3

There is a folder name "data-persistent" in the running container that the code reads and writes from, I want to save the changes made in that folder. when I use persistent volume, it removes/hides the data from that folder and the code gives an error. So what should be my approach.

FROM python:latest
ENV PYTHONDONTWRITEBYTECODE=1
ENV PYTHONUNBUFFERED=1
#RUN mkdir data-persistent
ADD linkedin_scrape.py .
COPY requirements.txt ./requirements.txt
COPY final_links.csv ./final_links.csv
COPY credentials.txt ./credentials.txt
COPY vectorizer.pk ./vectorizer.pk
COPY model_IvE ./model_IvE
COPY model_JvP ./model_JvP
COPY model_NvS ./model_NvS
COPY model_TvF ./model_TvF
COPY nocopy.xlsx ./nocopy.xlsx
COPY data.db /data-persistent/
COPY textdata.txt /data-persistent/
RUN ls -la /data-persistent/*
RUN pip install -r requirements.txt
CMD python linkedin_scrape.py --bind 0.0.0.0:8080 --timeout 90

And my deployment file

apiVersion: apps/v1
kind: Deployment
metadata:
  name: my-first-cluster1
spec:
  replicas: 2
  selector:
    matchLabels:
      app: scrape
  template:
    metadata:
      labels:
        app: scrape
    spec:
      containers:
      - name: scraper
       
        image: image-name
        #
        ports:
        - containerPort: 8080
        env:
        - name: PORT
          value: "8080"

        volumeMounts:
        - mountPath: "/dev/shm"
          name: dshm
        - mountPath: "/data-persistent/"
          name: tester
      volumes:
      - name: dshm
        emptyDir:
          medium: Memory
      - name: tester
        persistentVolumeClaim:
          claimName: my-pvc-claim-1

Let me explain the workflow of the code. The code reads from the textdata.txt file which contains the indices of links to be scraped e.g. from 100 to 150, then it scrapes the profiles, inserts them to data.db file and then writes to the texdata.txt file the sequence to be scraped in next run e.g. 150 to 200.

  • 2
    The best approach is to store the data somewhere else, like a database; that will let you scale up the deployment to as much compute as you need without worrying about where "the files" are. If you can't do that, you should use a StatefulSet and not a deployment, and be aware that each replica will have a different copy of "the files" and that you will be in the initial state you describe, where the mounted volume starts empty. – David Maze Jan 28 '22 at 14:16
  • If you're thinking of Docker's feature that copies data from the image into a named volume, I recommend avoiding it.
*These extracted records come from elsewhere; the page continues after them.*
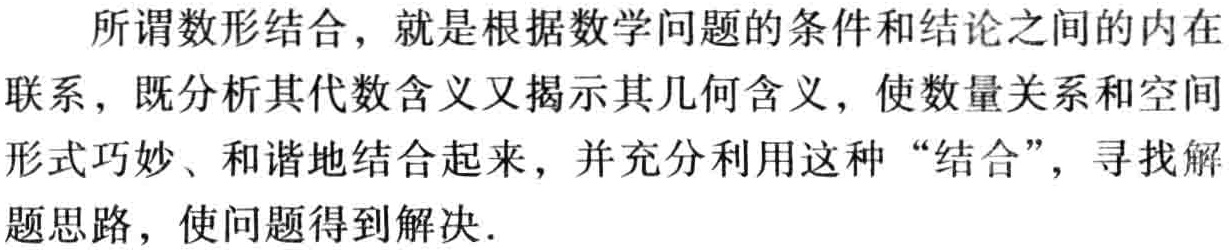
所谓数形结合，就是根据数学问题的条件和结论之间的内在联系，既分析其代数含义又揭示其几何含义，使数量关系和空间形式巧妙、和谐地结合起来，并充分利用这种“结合”，寻找解题思路，使问题得到解决.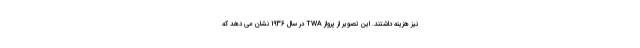
نیز هزینه داشتند. این تصویر از پرواز TWA در سال 1936 نشان می دهد که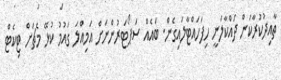
ތާއިދުކުރާކަން ދައްކާލަނީ ހިފަހައްޓާލައިގެން. ބައެއް ސަޕޯޓަރުންނަށް އަމިއްލަ ގައުމު ކުޅޭ މެޗަށް ޓިކެޓް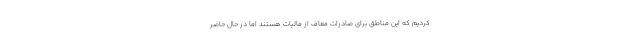
کردیم که این مناطق برای صادرات معاف از مالیات هستند اما در حال حاضر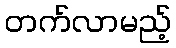
တက်လာမည့်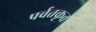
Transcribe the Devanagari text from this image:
पर्वतकृत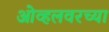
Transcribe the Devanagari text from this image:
ओव्हलवरच्या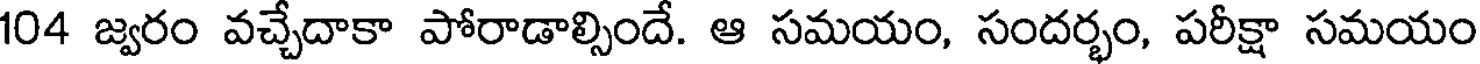
104 జ్వరం వచ్చేదాకా పోరాడాల్సిందే. ఆ సమయం, సందర్భం, పరీక్షా సమయం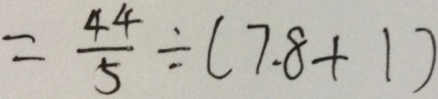
= \frac { 4 4 } { 5 } \div ( 7 . 8 + 1 )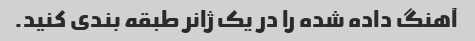
آهنگ داده شده را در یک ژانر طبقه بندی کنید.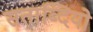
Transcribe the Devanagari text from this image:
सताब्दियो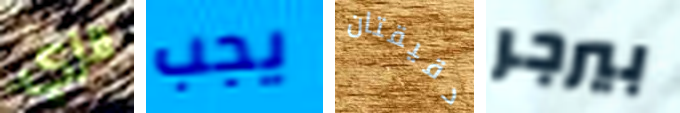
الزي يجب دقيقتان بيرجر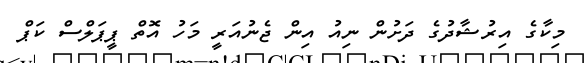
މިކާގެ އިރުޝާދުގެ ދަށުން ނިއު އިން ޖެނުއަރީ މަހު އޮތް ޕީޕަލްސް ކަޕް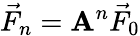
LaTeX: {\vec{F}}_{n}=\mathbf{A}^{n}{\vec{F}}_{0}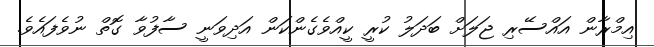
އިމްރާން އައްސޭރި ޖަލަށް ބަދަލު ކުރީ ކީއްވެގެންކަން އަދިވަނީ ސާފުވާ ގޮތް ނުވެފައެވެ.
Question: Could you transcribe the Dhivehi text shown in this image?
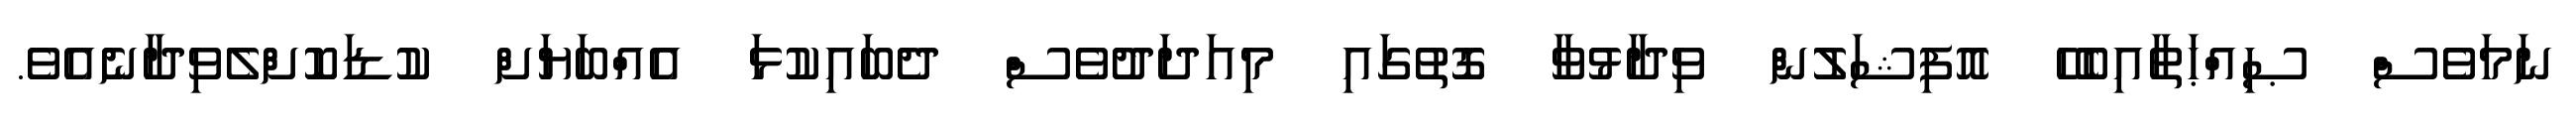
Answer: ނަމަވެސް ޞިއްޙަތާއިބެހޭ އޮފިޝަލުން ވިދާޅުވާ ގޮތުގައި މިއަދަދުވެސް ދެބައިކުޅަ އެއްބަޔަށް ކުޑަކޮށްލެވިދާނެއެވެ.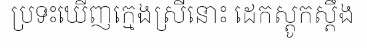
ប្រទះឃើញក្មេងស្រីនោះ ដេកស្តូកស្តឹង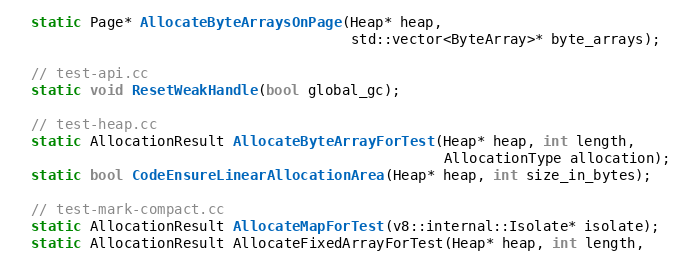
Language: C
  static Page* AllocateByteArraysOnPage(Heap* heap,
                                        std::vector<ByteArray>* byte_arrays);

  // test-api.cc
  static void ResetWeakHandle(bool global_gc);

  // test-heap.cc
  static AllocationResult AllocateByteArrayForTest(Heap* heap, int length,
                                                   AllocationType allocation);
  static bool CodeEnsureLinearAllocationArea(Heap* heap, int size_in_bytes);

  // test-mark-compact.cc
  static AllocationResult AllocateMapForTest(v8::internal::Isolate* isolate);
  static AllocationResult AllocateFixedArrayForTest(Heap* heap, int length,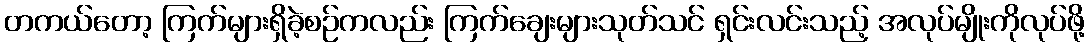
တကယ်တော့ ကြက်များရှိခဲ့စဉ်ကလည်း ကြက်ချေးများသုတ်သင် ရှင်းလင်းသည့် အလုပ်မျိုးကိုလုပ်ဖို့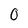
Character: 0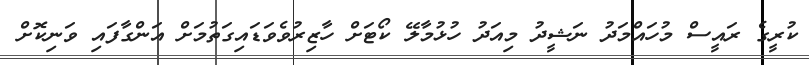
ކުރީގެ ރައީސް މުހައްމަދު ނަޝީދު މިއަދު ހުޅުމާލޭ ކޯޓަށް ހާޒިރުވެވަޑައިގަތުމަށް އަންގާފައި ވަނިކޮށް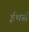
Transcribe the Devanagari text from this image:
ईथर्स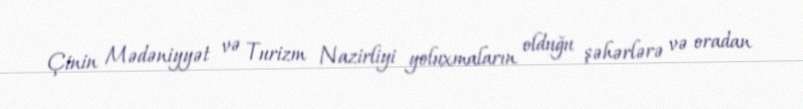
Çinin Mədəniyyət və Turizm Nazirliyi yoluxmaların olduğu şəhərlərə və oradan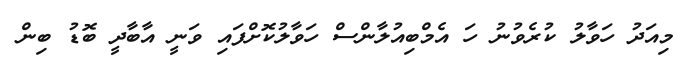
މިއަދު ހަވާލު ކުރެވުނު ހަ އެމްބިއުލާންސް ހަވާލުކޮށްފައި ވަނީ އާބާދީ ބޮޑު ބިން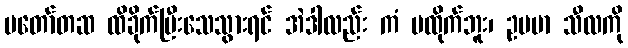
မတော်တဆ ထိခိုက်ပြီးသေသွားရင် အဲဒါလည်း ကံ မထိုက်ဘူး၊ ဥပမာ သီလကို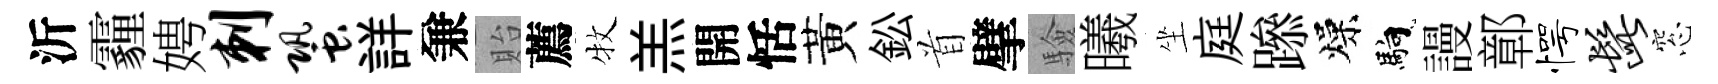
沂霾娉刺蛩詳兼貽薦牧羔開恬黃鈆首擘驗曦坐庭𨅶燥馿謾鄣愕髭窓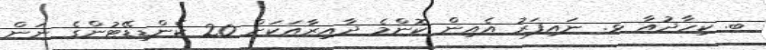
ބ. ކިހާދުއާ ޅ. ނައިފަރު އެއިން ކޮންމެ ދާއިރާއަކަށް 20 ކެންޑިޑޭޓުންގެ ނަން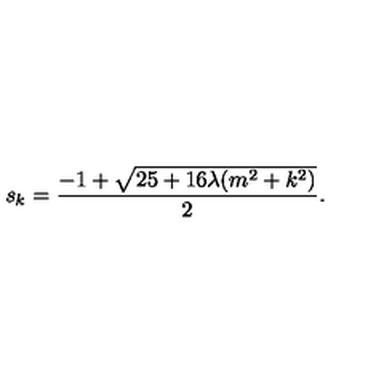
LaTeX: s _ { k } = \frac { - 1 + \sqrt { 2 5 + 1 6 \lambda ( m ^ { 2 } + k ^ { 2 } ) } } { 2 } .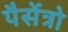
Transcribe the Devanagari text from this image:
पैसेंत्रो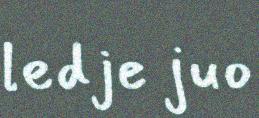
ledje juo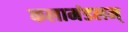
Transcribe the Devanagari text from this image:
कलामंडलम्‌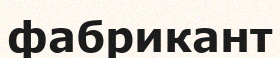
фабрикант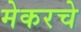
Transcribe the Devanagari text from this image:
मेकरचे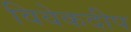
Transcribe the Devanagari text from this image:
विवेकदीप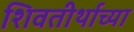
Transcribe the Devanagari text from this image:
शिवतीर्थाच्या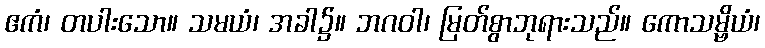
ဧကံ၊ တပါးသော။ သမယံ၊ အခါ၌။ ဘဂဝါ၊ မြတ်စွာဘုရားသည်။ ကောသမ္ဗိယံ၊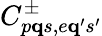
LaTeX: C_{p{\mathbf q}s,e{\mathbf q}^{\prime}s^{\prime}}^{\pm}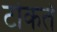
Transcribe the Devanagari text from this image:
टोकते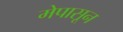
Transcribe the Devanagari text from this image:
मेपासून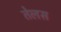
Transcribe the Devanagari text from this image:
तेलस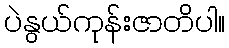
ပဲနွယ်ကုန်းဇာတိပါ။

It doesn't work on Docker bind mounts or in Kubernetes, and if you update the original content in the image, the volume never gets updated. You can prototype your setup using a Docker bind mount, mounting an empty host directory as the data store, and you'll see the same behavior you see in Kubernetes. – David Maze Jan 28 '22 at 14:25
  • Thanks for the response, will the StatefulSet method ensure that the data updates with each run? – Sardar Arslan Jan 28 '22 at 14:40
  • And can you kindly write the solution using stateful set? – Sardar Arslan Jan 28 '22 at 14:45
  • 1
    No, the StatefulSet will create a new empty volume for each replica and mount it in the indicated location, hiding whatever was in the image. The cluster will never copy data into that volume, your image needs to do it itself. – David Maze Jan 28 '22 at 14:58
  • Thanks I got it. – Sardar Arslan Jan 28 '22 at 15:05

1 Answers1

1

First , k8s volume mounting point overwrite the original file system /data-persistent/

To solve such a case you have many options

Solution 1

  • edit your docker file to copy local data to /tmp-data-persistent
  • then add "init container" that copy content of /tmp-data-persitent to /data-persistent that will copy the data to the volume and apply persistency

Solution 2

  • its not good to copy data in docker images , that will increase images sizes and also unityfing code and data change pipelines

  • Its better to keep data in any shared storage like "s3" , and let the "init container" compare and sync data

if cloud services like s3 not available

  • you can use persistent volume type that support multipe r/w mounts

  • attach same volume to another deployment { use busybox image as example } and do the copy with "kubectl cp"

  • scale temp deployments to zero after finalizing the copy , also you can make it as part of CI pipeline

Tamer Elfeky
  • 100
  • 4
  • Thanks for the response, can you kindly elaborate solution 1, the problem is when will the files be copied, right after starting container or before the process ends? – Sardar Arslan Jan 28 '22 at 14:43
  • check https://kubernetes.io/docs/concepts/workloads/pods/init-containers/ for init-containers idea . that copy files before the main process start , call it "pre-boot" stage – Tamer Elfeky Jan 28 '22 at 14:48
  • Thanks, but I need a solution where the files are copied after the code writes on to them. Like before the process ends, If it copies before the process starts, it will not update as the changes happen at the end of the code. The code scrapes profiles and inserts them in db after scraping and the other file is the index of links to be scraped which need to be updated during each run otherwise it scrapes the same profiles over and over. – Sardar Arslan Jan 28 '22 at 14:53
  • you can stretch the CMD to include a cp after python call ends like `python ..... && cp file /directory ` one more question,what is the usage of "COPY data.db /data-persistent/" in Dockerfile ? – Tamer Elfeky Jan 28 '22 at 15:04
  • I wanted to mount a volume but everything was in the root directory, so when i mounted volume in root directory, it gave an error as volume mount overwrites everything so i added it in data-persistent directory, I have edited my question and wrote how code works. I will try the cmd command. – Sardar Arslan Jan 28 '22 at 15:08
  • also advise to switch "Deployment" to "CronJob" as its better match the scrapping short-live process – Tamer Elfeky Jan 28 '22 at 15:12
  • I will do that next IA, once i sort the memory issues. – Sardar Arslan Jan 28 '22 at 15:13
  • @SardarArslan , kindly vote for the answer if found it useful – Tamer Elfeky Feb 01 '22 at 20:20
  • Done!!!!!!!!!!! – Sardar Arslan Feb 03 '22 at 01:09